Seda Dagar, Hüseyin Uzunosmanoğlu

Department of Emergency Medicine, Kecioren Training and Research Hospital, Ankara, Turkey

Keywords: Hypervolemia, hypovolemia, pleth variability index, ultrafiltration, volume status

Abstract

OBJECTIVES: Pleth variability index (PVI) has been studied mostly in mechanically ventilated patients, and the role of PVI in predicting volume status and volume changes among spontaneously breathing patients is not clear in the literature. We hypothesized that hemodialysis (HD) can be a valid model for a simulation that can be evaluated the correlation of PVI with fluid changes in various volume states. The aim of this study was to investigate the utility of PVI for assessing volume changes in HD patients who are breathing spontaneously.

METHODS: This prospective, observational study included patients aged 18 years or older who had end-stage renal failure and presented for routine HD between December 2019 and January 2020. PVI values were measured before and after HD session. Changes in PVI levels were compared according to the amount of ultrafiltration.

RESULTS: A total of sixty patients were included. Mean PVI level before HD (20.7% ± 5%) showed a statistically significant increase to 27.7% ± 6% after HD session (P < 0.001). According to the amount of fluid removed during HD, the changes in PVI were statistically significant (P = 0.015). There was a strong correlation between ΔPVI and ultrafiltrated volume (r = 0.744, P < 0.001).

CONCLUSION: The fluid removed by HD caused increase in PVI, and the increase was strongly correlated with the amount of volume change. Bedside monitoring of PVI may provide the clinicians with useful information for monitoring the volume status in critically ill patients with spontaneous breathing.

Introduction

Both hypovolemia and hypervolemia are known to negatively affect the prognosis of critically ill patients.[1],[2],[3] However, other pathological conditions that may be added to an existing pathology in the absence of knowledge of the basal-volume status may expose clinicians with complex hemodynamic presentations.

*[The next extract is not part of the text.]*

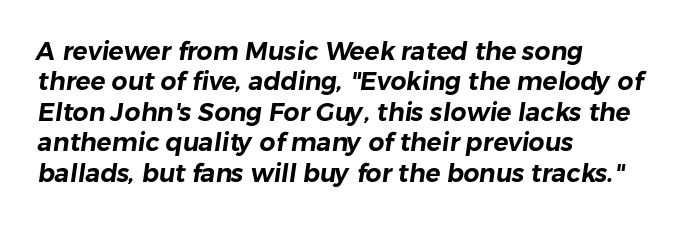
Q: Is the text underlined? A: No.
Q: How is the paragraph aligned? A: Left-aligned.
Q: Is the spacing between letters normal or unusually wide? A: Normal.

In such circumstances, clinicians may be guided by effective measurement techniques of both assessing volume status and guiding fluid-resuscitation therapy.

Many volume-assessment methods have been reported in the literature. Dynamic measurements (stroke-volume variation, aortic-flow measurement, etc.), which are believed to yield the most accurate results, have limited use in daily practice due to the requirement for invasive interventions.[4],[5] On the other hand, the data on the effectiveness of ultrasonographic measurements (inferior vena cava collapsibility index, carotid flow time measurement, etc.), the most intensively studied techniques so far, are conflicting due to operator- and patient-dependent factors.[6],[7],[8],[9] Recently introduced in the literature, the pleth variability index (PVI) has drawn increased attention as a bedside, rapid, reproducible, and user-independent parameter that is free of the limitations of other measurement techniques. However, PVI has been studied mostly in mechanically ventilated patients, and in spite of its great potential during triage, pre-evaluation, and clinical follow-up, only a limited number of studies have addressed the role of PVI in predicting volume status and volume changes among spontaneously breathing patients.[3],[4],[10],[11]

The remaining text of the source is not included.